• ASSIGNED TASK:
Check every line of the data below for "lines". Copy each one that has it.

**********

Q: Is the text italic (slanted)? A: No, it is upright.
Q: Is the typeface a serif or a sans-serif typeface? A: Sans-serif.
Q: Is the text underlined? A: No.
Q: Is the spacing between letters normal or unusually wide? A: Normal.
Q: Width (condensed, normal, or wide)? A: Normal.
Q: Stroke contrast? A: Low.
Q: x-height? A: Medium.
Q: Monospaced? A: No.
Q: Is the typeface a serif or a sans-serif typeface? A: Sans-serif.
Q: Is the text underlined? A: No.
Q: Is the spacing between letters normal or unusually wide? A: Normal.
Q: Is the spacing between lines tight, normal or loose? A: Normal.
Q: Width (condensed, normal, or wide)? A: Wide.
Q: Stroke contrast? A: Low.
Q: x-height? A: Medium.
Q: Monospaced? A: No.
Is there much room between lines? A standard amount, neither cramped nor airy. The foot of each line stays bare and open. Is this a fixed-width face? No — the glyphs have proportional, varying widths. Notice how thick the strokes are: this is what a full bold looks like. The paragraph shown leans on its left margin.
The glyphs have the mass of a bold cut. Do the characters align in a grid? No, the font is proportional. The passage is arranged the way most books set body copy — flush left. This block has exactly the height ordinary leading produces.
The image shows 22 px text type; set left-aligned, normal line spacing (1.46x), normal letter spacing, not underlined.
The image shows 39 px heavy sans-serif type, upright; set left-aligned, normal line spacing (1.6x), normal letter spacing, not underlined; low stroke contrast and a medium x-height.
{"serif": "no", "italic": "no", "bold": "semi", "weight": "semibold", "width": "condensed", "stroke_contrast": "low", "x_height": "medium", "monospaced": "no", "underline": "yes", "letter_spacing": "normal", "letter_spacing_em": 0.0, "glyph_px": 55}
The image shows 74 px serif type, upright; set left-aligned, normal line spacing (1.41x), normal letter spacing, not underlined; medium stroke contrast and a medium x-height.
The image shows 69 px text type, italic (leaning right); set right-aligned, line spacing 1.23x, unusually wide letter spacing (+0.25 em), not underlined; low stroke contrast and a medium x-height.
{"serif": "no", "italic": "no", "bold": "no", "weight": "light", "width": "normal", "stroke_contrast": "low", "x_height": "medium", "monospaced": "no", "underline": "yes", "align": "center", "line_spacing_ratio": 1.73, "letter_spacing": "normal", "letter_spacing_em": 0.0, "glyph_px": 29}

**********

• TASK OUTPUT:
Q: Is the spacing between lines tight, normal or loose? A: Normal.
Is there much room between lines? A standard amount, neither cramped nor airy. The foot of each line stays bare and open. Is this a fixed-width face? No — the glyphs have proportional, varying widths. Notice how thick the strokes are: this is what a full bold looks like. The paragraph shown leans on its left margin.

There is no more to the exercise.